I noticed that OMR routes used a netlink file descriptor (message type RTM_NEWROUTE) within the AddRoute function in netiff.cpp in order to add their prefixes to a routing policy rule. So in order for all of our routes to do the same, I

  1. Enabled OPENTHREAD_POSIX_CONFIG_INSTALL_OMR_ROUTES_ENABLE to give access to the AddRoute function
  2. Edited the AddRoute function to pass in a specific table id to the netlink fd
  3. Called the AddRoute function from UpdateUnicastLinux for all on mesh routes

Now we generate two routes for each on mesh address, 1) whichever one that the kernel assigns (id = 1000 + Interface index) and 2) whichever one we added it to with AddRoute (we used table id 100)

jacqueshsu commented 1 year ago

@AlanLCollins , May I know how to enable ot-br-posix in android? Your feedback is appreciated.

wgtdkp commented 1 year ago

Will leave it to @AlanLCollins,

But here gives a heads up of the official Android Thread support:

  1. You can find the ot-br-posix code for Android in https://cs.android.com/android/platform/superproject/main/+/main:external/ot-br-posix/
  2. You can find the new Thread HAL API and default implementation in https://cs.android.com/android/platform/superproject/main/+/main:hardware/interfaces/threadnetwork/
  3. Later there will be a ThreadNetworkService added to the Android framework to register the Thread network to the system and Android system API will be provided to control the Thread network.
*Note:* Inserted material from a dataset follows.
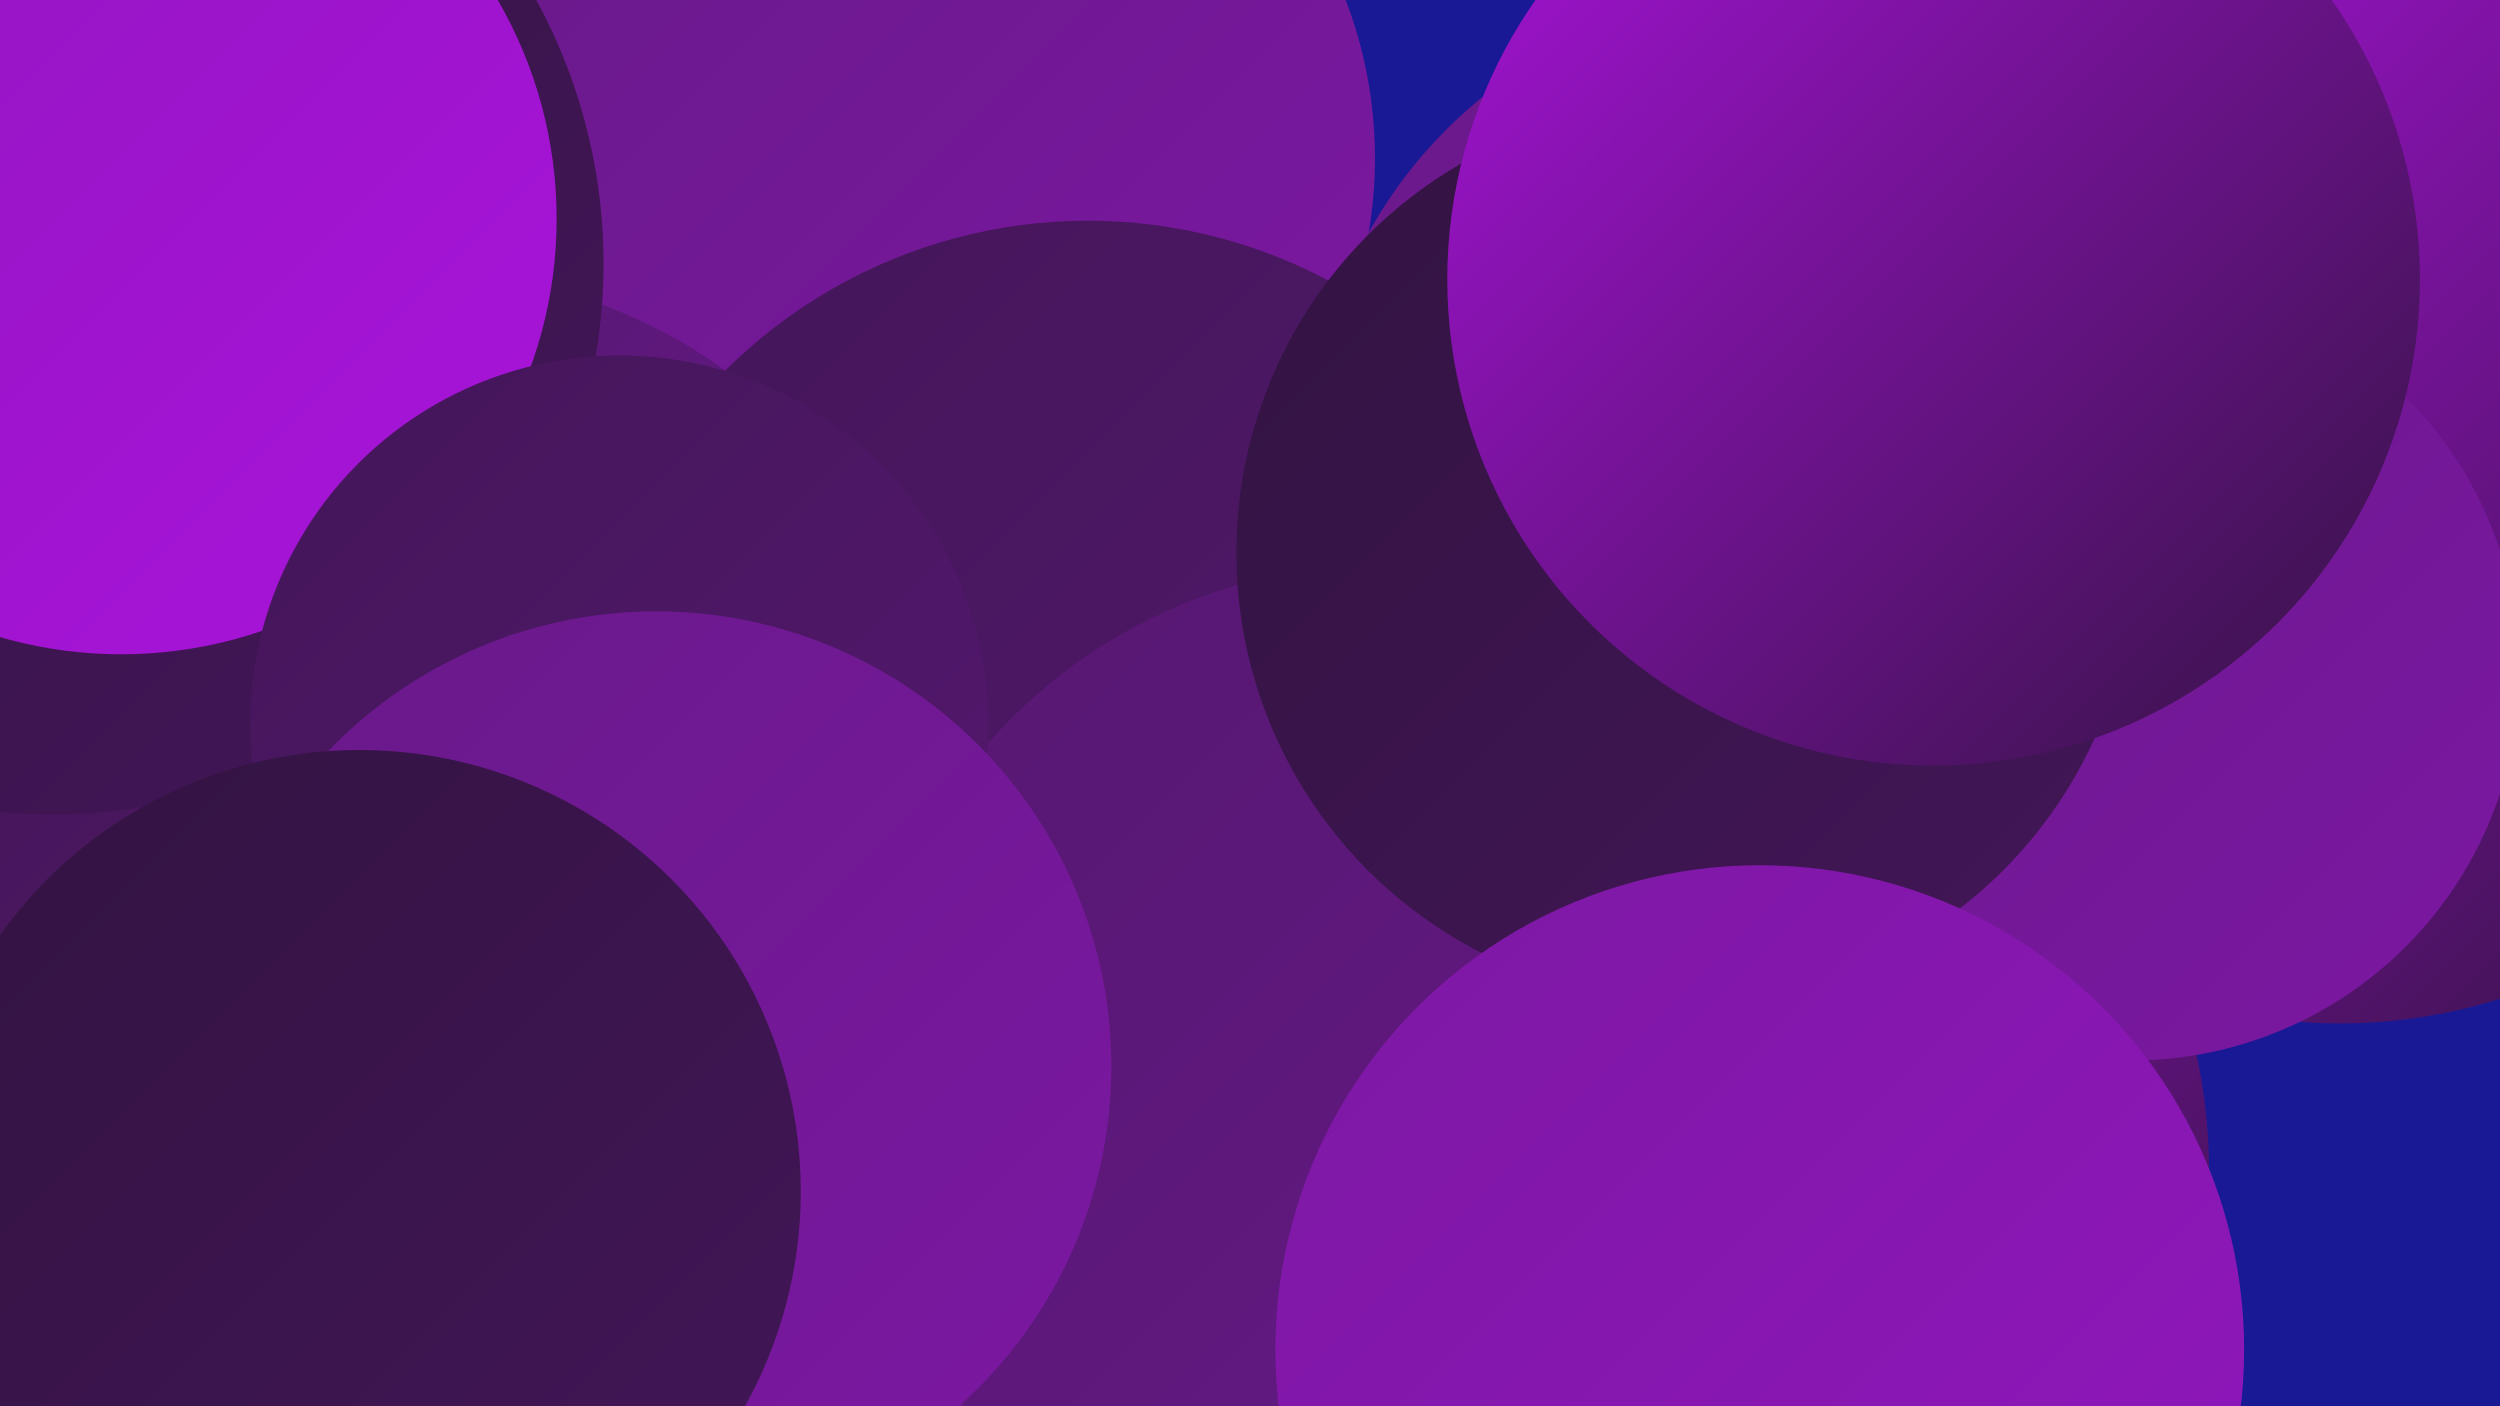 <?xml version="1.0" encoding="UTF-8"?><svg width="1280" height="720" xmlns="http://www.w3.org/2000/svg"><defs><linearGradient id="grad0" x1="0%" y1="0%" x2="100%" y2="100%"><stop offset="0%" style="stop-color:#321341;stop-opacity:1" /><stop offset="100%" style="stop-color:#431658;stop-opacity:1" /></linearGradient><linearGradient id="grad1" x1="0%" y1="0%" x2="100%" y2="100%"><stop offset="0%" style="stop-color:#431658;stop-opacity:1" /><stop offset="100%" style="stop-color:#551870;stop-opacity:1" /></linearGradient><linearGradient id="grad2" x1="0%" y1="0%" x2="100%" y2="100%"><stop offset="0%" style="stop-color:#551870;stop-opacity:1" /><stop offset="100%" style="stop-color:#681989;stop-opacity:1" /></linearGradient><linearGradient id="grad3" x1="0%" y1="0%" x2="100%" y2="100%"><stop offset="0%" style="stop-color:#681989;stop-opacity:1" /><stop offset="100%" style="stop-color:#7c18a3;stop-opacity:1" /></linearGradient><linearGradient id="grad4" x1="0%" y1="0%" x2="100%" y2="100%"><stop offset="0%" style="stop-color:#7c18a3;stop-opacity:1" /><stop offset="100%" style="stop-color:#9216be;stop-opacity:1" /></linearGradient><linearGradient id="grad5" x1="0%" y1="0%" x2="100%" y2="100%"><stop offset="0%" style="stop-color:#9216be;stop-opacity:1" /><stop offset="100%" style="stop-color:#a913db;stop-opacity:1" /></linearGradient><linearGradient id="grad6" x1="0%" y1="0%" x2="100%" y2="100%"><stop offset="0%" style="stop-color:#a913db;stop-opacity:1" /><stop offset="100%" style="stop-color:#321341;stop-opacity:1" /></linearGradient></defs><rect width="1280" height="720" fill="#191996" /><circle cx="478" cy="81" r="226" fill="url(#grad3)" /><circle cx="214" cy="409" r="270" fill="url(#grad2)" /><circle cx="908" cy="234" r="237" fill="url(#grad3)" /><circle cx="855" cy="599" r="276" fill="url(#grad6)" /><circle cx="580" cy="553" r="256" fill="url(#grad3)" /><circle cx="192" cy="540" r="265" fill="url(#grad1)" /><circle cx="27" cy="135" r="282" fill="url(#grad0)" /><circle cx="557" cy="376" r="263" fill="url(#grad1)" /><circle cx="1206" cy="246" r="197" fill="url(#grad5)" /><circle cx="708" cy="558" r="269" fill="url(#grad2)" /><circle cx="62" cy="112" r="223" fill="url(#grad5)" /><circle cx="903" cy="223" r="184" fill="url(#grad5)" /><circle cx="1198" cy="252" r="272" fill="url(#grad6)" /><circle cx="317" cy="371" r="189" fill="url(#grad1)" /><circle cx="336" cy="546" r="233" fill="url(#grad3)" /><circle cx="1091" cy="344" r="199" fill="url(#grad3)" /><circle cx="863" cy="283" r="230" fill="url(#grad0)" /><circle cx="184" cy="610" r="226" fill="url(#grad0)" /><circle cx="901" cy="691" r="248" fill="url(#grad4)" /><circle cx="990" cy="143" r="249" fill="url(#grad6)" /></svg>

The code will be in https://cs.android.com/android/platform/superproject/main/+/main:packages/modules/ThreadNetwork/

It currently doesn't run on Android, but you should be able to in the next months.

AlanLCollins commented 1 year ago

Hello @jacqueshsu , few items to consider:

jacqueshsu commented 1 year ago

@AlanLCollins , Thank you for the feedback. It's helpful to me. It seems it's not easy for the rookie of android. I will study your comments to do more researches, will back to you if any news from me.

Tristin-9527 commented 9 months ago

@AlanLCollins , Thank you for the feedback. It's helpful to me. It seems it's not easy for the rookie of android. I will study your comments to do more researches, will back to you if any news from me.

so, is there any progress?

jacqueshsu commented 9 months ago

Only the chip-tool is working to support matter over WiFi, and Ethernet, can’t over overthread. Then no time to continue it.

jwhui commented 9 months ago

Only the chip-tool is working to support matter over WiFi, and Ethernet, can’t over overthread.

@jacqueshsu , chip-tool definitely supports commissioning Thread devices.

https://github.com/project-chip/connectedhomeip/blob/master/docs/guides/chip_tool_guide.md

jacqueshsu commented 9 months ago

Yes, but it’s App. I rebuild it for android tool chain, also build dbus and bluez for android.